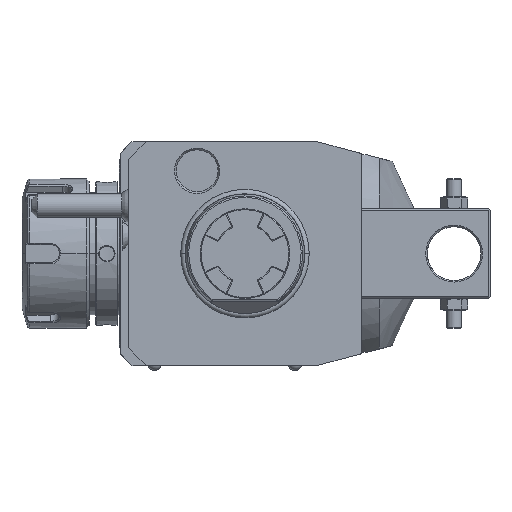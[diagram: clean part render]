
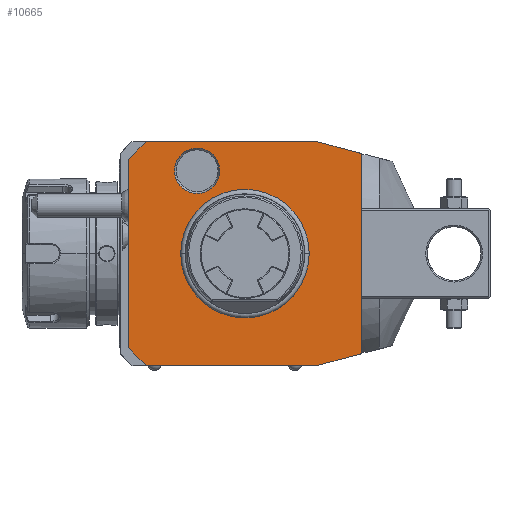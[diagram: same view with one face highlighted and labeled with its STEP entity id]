
A CAD part, front view. The second image highlights one B-rep face of the part: STEP entity #10665.
In plain terms, the highlighted planar face has unit normal (0, -1, 0).
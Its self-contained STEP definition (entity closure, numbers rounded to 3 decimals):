
#1=DIRECTION('',(-0.966,0.,0.259));
#2=VECTOR('',#1,15.529);
#3=CARTESIAN_POINT('',(39.,0.,33.481));
#4=LINE('',#3,#2);
#5=DIRECTION('',(0.,0.,1.));
#6=VECTOR('',#5,66.962);
#7=CARTESIAN_POINT('',(39.,0.,-33.481));
#8=LINE('',#7,#6);
#9=DIRECTION('',(0.966,0.,0.259));
#10=VECTOR('',#9,15.529);
#11=CARTESIAN_POINT('',(24.,0.,-37.5));
#12=LINE('',#11,#10);
#13=DIRECTION('',(1.,0.,0.));
#14=VECTOR('',#13,57.);
#15=CARTESIAN_POINT('',(-33.,0.,-37.5));
#16=LINE('',#15,#14);
#17=DIRECTION('',(0.707,0.,-0.707));
#18=VECTOR('',#17,8.485);
#19=CARTESIAN_POINT('',(-39.,0.,-31.5));
#20=LINE('',#19,#18);
#21=DIRECTION('',(0.,0.,-1.));
#22=VECTOR('',#21,63.);
#23=CARTESIAN_POINT('',(-39.,0.,31.5));
#24=LINE('',#23,#22);
#25=DIRECTION('',(-0.707,0.,-0.707));
#26=VECTOR('',#25,8.485);
#27=CARTESIAN_POINT('',(-33.,0.,37.5));
#28=LINE('',#27,#26);
#29=DIRECTION('',(-1.,0.,0.));
#30=VECTOR('',#29,57.);
#31=CARTESIAN_POINT('',(24.,0.,37.5));
#32=LINE('',#31,#30);
#33=CARTESIAN_POINT('',(-16.,0.,27.713));
#34=DIRECTION('',(0.,1.,0.));
#35=DIRECTION('',(1.,0.,0.));
#36=AXIS2_PLACEMENT_3D('',#33,#34,#35);
#38=CARTESIAN_POINT('',(-16.,0.,27.713));
#39=DIRECTION('',(0.,1.,0.));
#40=DIRECTION('',(-1.,0.,0.));
#41=AXIS2_PLACEMENT_3D('',#38,#39,#40);
#7542=CARTESIAN_POINT('',(0.,0.,0.));
#7543=DIRECTION('',(0.,1.,0.));
#7544=DIRECTION('',(-1.,0.,0.));
#7545=AXIS2_PLACEMENT_3D('',#7542,#7543,#7544);
#7547=CARTESIAN_POINT('',(0.,0.,0.));
#7548=DIRECTION('',(0.,1.,0.));
#7549=DIRECTION('',(1.,0.,0.));
#7550=AXIS2_PLACEMENT_3D('',#7547,#7548,#7549);
#9579=CARTESIAN_POINT('',(-8.423,0.,27.713));
#9580=CARTESIAN_POINT('',(-23.577,0.,27.713));
#9581=VERTEX_POINT('',#9579);
#9582=VERTEX_POINT('',#9580);
#10430=CARTESIAN_POINT('',(39.,0.,33.481));
#10431=CARTESIAN_POINT('',(24.,0.,37.5));
#10432=VERTEX_POINT('',#10430);
#10433=VERTEX_POINT('',#10431);
#10434=CARTESIAN_POINT('',(-33.,0.,37.5));
#10435=VERTEX_POINT('',#10434);
#10436=CARTESIAN_POINT('',(-39.,0.,31.5));
#10437=VERTEX_POINT('',#10436);
#10438=CARTESIAN_POINT('',(-39.,0.,-31.5));
#10439=VERTEX_POINT('',#10438);
#10440=CARTESIAN_POINT('',(-33.,0.,-37.5));
#10441=VERTEX_POINT('',#10440);
#10442=CARTESIAN_POINT('',(24.,0.,-37.5));
#10443=VERTEX_POINT('',#10442);
#10444=CARTESIAN_POINT('',(39.,0.,-33.481));
#10445=VERTEX_POINT('',#10444);
#10522=CARTESIAN_POINT('',(-21.137,0.,0.));
#10523=CARTESIAN_POINT('',(21.137,0.,0.));
#10524=VERTEX_POINT('',#10522);
#10525=VERTEX_POINT('',#10523);
#10630=CARTESIAN_POINT('',(0.,0.,0.));
#10631=DIRECTION('',(0.,-1.,0.));
#10632=DIRECTION('',(-1.,0.,0.));
#10633=AXIS2_PLACEMENT_3D('',#10630,#10631,#10632);
#10634=PLANE('',#10633);
#10636=ORIENTED_EDGE('',*,*,#10635,.F.);
#10638=ORIENTED_EDGE('',*,*,#10637,.F.);
#10640=ORIENTED_EDGE('',*,*,#10639,.F.);
#10642=ORIENTED_EDGE('',*,*,#10641,.F.);
#10644=ORIENTED_EDGE('',*,*,#10643,.F.);
#10646=ORIENTED_EDGE('',*,*,#10645,.F.);
#10648=ORIENTED_EDGE('',*,*,#10647,.F.);
#10650=ORIENTED_EDGE('',*,*,#10649,.F.);
#10651=EDGE_LOOP('',(#10636,#10638,#10640,#10642,#10644,#10646,#10648,#10650));
#10652=FACE_OUTER_BOUND('',#10651,.F.);
#10654=ORIENTED_EDGE('',*,*,#10653,.F.);
#10656=ORIENTED_EDGE('',*,*,#10655,.F.);
#10657=EDGE_LOOP('',(#10654,#10656));
#10658=FACE_BOUND('',#10657,.F.);
#10660=ORIENTED_EDGE('',*,*,#10659,.F.);
#10662=ORIENTED_EDGE('',*,*,#10661,.F.);
#10663=EDGE_LOOP('',(#10660,#10662));
#10664=FACE_BOUND('',#10663,.F.);
#37=CIRCLE('',#36,7.577);
#42=CIRCLE('',#41,7.577);
#7546=CIRCLE('',#7545,21.137);
#7551=CIRCLE('',#7550,21.137);
#10635=EDGE_CURVE('',#10432,#10433,#4,.T.);
#10637=EDGE_CURVE('',#10445,#10432,#8,.T.);
#10639=EDGE_CURVE('',#10443,#10445,#12,.T.);
#10641=EDGE_CURVE('',#10441,#10443,#16,.T.);
#10643=EDGE_CURVE('',#10439,#10441,#20,.T.);
#10645=EDGE_CURVE('',#10437,#10439,#24,.T.);
#10647=EDGE_CURVE('',#10435,#10437,#28,.T.);
#10649=EDGE_CURVE('',#10433,#10435,#32,.T.);
#10653=EDGE_CURVE('',#10524,#10525,#7546,.T.);
#10655=EDGE_CURVE('',#10525,#10524,#7551,.T.);
#10659=EDGE_CURVE('',#9581,#9582,#37,.T.);
#10661=EDGE_CURVE('',#9582,#9581,#42,.T.);
#10665=ADVANCED_FACE('',(#10652,#10658,#10664),#10634,.T.);

####################

Task requirements
With the pictures set aside, return each line of the listing exactly as given.

Result of this task
[diagram: clean part render]
[diagram: same view with one face highlighted and labeled with its STEP entity id]
A CAD part, front view. The second image highlights one B-rep face of the part: STEP entity #10665.
In plain terms, the highlighted planar face has unit normal (0, -1, 0).
Its self-contained STEP definition (entity closure, numbers rounded to 3 decimals):
#1=DIRECTION('',(-0.966,0.,0.259));
#2=VECTOR('',#1,15.529);
#3=CARTESIAN_POINT('',(39.,0.,33.481));
#4=LINE('',#3,#2);
#5=DIRECTION('',(0.,0.,1.));
#6=VECTOR('',#5,66.962);
#7=CARTESIAN_POINT('',(39.,0.,-33.481));
#8=LINE('',#7,#6);
#9=DIRECTION('',(0.966,0.,0.259));
#10=VECTOR('',#9,15.529);
#11=CARTESIAN_POINT('',(24.,0.,-37.5));
#12=LINE('',#11,#10);
#13=DIRECTION('',(1.,0.,0.));
#14=VECTOR('',#13,57.);
#15=CARTESIAN_POINT('',(-33.,0.,-37.5));
#16=LINE('',#15,#14);
#17=DIRECTION('',(0.707,0.,-0.707));
#18=VECTOR('',#17,8.485);
#19=CARTESIAN_POINT('',(-39.,0.,-31.5));
#20=LINE('',#19,#18);
#21=DIRECTION('',(0.,0.,-1.));
#22=VECTOR('',#21,63.);
#23=CARTESIAN_POINT('',(-39.,0.,31.5));
#24=LINE('',#23,#22);
#25=DIRECTION('',(-0.707,0.,-0.707));
#26=VECTOR('',#25,8.485);
#27=CARTESIAN_POINT('',(-33.,0.,37.5));
#28=LINE('',#27,#26);
#29=DIRECTION('',(-1.,0.,0.));
#30=VECTOR('',#29,57.);
#31=CARTESIAN_POINT('',(24.,0.,37.5));
#32=LINE('',#31,#30);
#33=CARTESIAN_POINT('',(-16.,0.,27.713));
#34=DIRECTION('',(0.,1.,0.));
#35=DIRECTION('',(1.,0.,0.));
#36=AXIS2_PLACEMENT_3D('',#33,#34,#35);
#38=CARTESIAN_POINT('',(-16.,0.,27.713));
#39=DIRECTION('',(0.,1.,0.));
#40=DIRECTION('',(-1.,0.,0.));
#41=AXIS2_PLACEMENT_3D('',#38,#39,#40);
#7542=CARTESIAN_POINT('',(0.,0.,0.));
#7543=DIRECTION('',(0.,1.,0.));
#7544=DIRECTION('',(-1.,0.,0.));
#7545=AXIS2_PLACEMENT_3D('',#7542,#7543,#7544);
#7547=CARTESIAN_POINT('',(0.,0.,0.));
#7548=DIRECTION('',(0.,1.,0.));
#7549=DIRECTION('',(1.,0.,0.));
#7550=AXIS2_PLACEMENT_3D('',#7547,#7548,#7549);
#9579=CARTESIAN_POINT('',(-8.423,0.,27.713));
#9580=CARTESIAN_POINT('',(-23.577,0.,27.713));
#9581=VERTEX_POINT('',#9579);
#9582=VERTEX_POINT('',#9580);
#10430=CARTESIAN_POINT('',(39.,0.,33.481));
#10431=CARTESIAN_POINT('',(24.,0.,37.5));
#10432=VERTEX_POINT('',#10430);
#10433=VERTEX_POINT('',#10431);
#10434=CARTESIAN_POINT('',(-33.,0.,37.5));
#10435=VERTEX_POINT('',#10434);
#10436=CARTESIAN_POINT('',(-39.,0.,31.5));
#10437=VERTEX_POINT('',#10436);
#10438=CARTESIAN_POINT('',(-39.,0.,-31.5));
#10439=VERTEX_POINT('',#10438);
#10440=CARTESIAN_POINT('',(-33.,0.,-37.5));
#10441=VERTEX_POINT('',#10440);
#10442=CARTESIAN_POINT('',(24.,0.,-37.5));
#10443=VERTEX_POINT('',#10442);
#10444=CARTESIAN_POINT('',(39.,0.,-33.481));
#10445=VERTEX_POINT('',#10444);
#10522=CARTESIAN_POINT('',(-21.137,0.,0.));
#10523=CARTESIAN_POINT('',(21.137,0.,0.));
#10524=VERTEX_POINT('',#10522);
#10525=VERTEX_POINT('',#10523);
#10630=CARTESIAN_POINT('',(0.,0.,0.));
#10631=DIRECTION('',(0.,-1.,0.));
#10632=DIRECTION('',(-1.,0.,0.));
#10633=AXIS2_PLACEMENT_3D('',#10630,#10631,#10632);
#10634=PLANE('',#10633);
#10636=ORIENTED_EDGE('',*,*,#10635,.F.);
#10638=ORIENTED_EDGE('',*,*,#10637,.F.);
#10640=ORIENTED_EDGE('',*,*,#10639,.F.);
#10642=ORIENTED_EDGE('',*,*,#10641,.F.);
#10644=ORIENTED_EDGE('',*,*,#10643,.F.);
#10646=ORIENTED_EDGE('',*,*,#10645,.F.);
#10648=ORIENTED_EDGE('',*,*,#10647,.F.);
#10650=ORIENTED_EDGE('',*,*,#10649,.F.);
#10651=EDGE_LOOP('',(#10636,#10638,#10640,#10642,#10644,#10646,#10648,#10650));
#10652=FACE_OUTER_BOUND('',#10651,.F.);
#10654=ORIENTED_EDGE('',*,*,#10653,.F.);
#10656=ORIENTED_EDGE('',*,*,#10655,.F.);
#10657=EDGE_LOOP('',(#10654,#10656));
#10658=FACE_BOUND('',#10657,.F.);
#10660=ORIENTED_EDGE('',*,*,#10659,.F.);
#10662=ORIENTED_EDGE('',*,*,#10661,.F.);
#10663=EDGE_LOOP('',(#10660,#10662));
#10664=FACE_BOUND('',#10663,.F.);
#37=CIRCLE('',#36,7.577);
#42=CIRCLE('',#41,7.577);
#7546=CIRCLE('',#7545,21.137);
#7551=CIRCLE('',#7550,21.137);
#10635=EDGE_CURVE('',#10432,#10433,#4,.T.);
#10637=EDGE_CURVE('',#10445,#10432,#8,.T.);
#10639=EDGE_CURVE('',#10443,#10445,#12,.T.);
#10641=EDGE_CURVE('',#10441,#10443,#16,.T.);
#10643=EDGE_CURVE('',#10439,#10441,#20,.T.);
#10645=EDGE_CURVE('',#10437,#10439,#24,.T.);
#10647=EDGE_CURVE('',#10435,#10437,#28,.T.);
#10649=EDGE_CURVE('',#10433,#10435,#32,.T.);
#10653=EDGE_CURVE('',#10524,#10525,#7546,.T.);
#10655=EDGE_CURVE('',#10525,#10524,#7551,.T.);
#10659=EDGE_CURVE('',#9581,#9582,#37,.T.);
#10661=EDGE_CURVE('',#9582,#9581,#42,.T.);
#10665=ADVANCED_FACE('',(#10652,#10658,#10664),#10634,.T.);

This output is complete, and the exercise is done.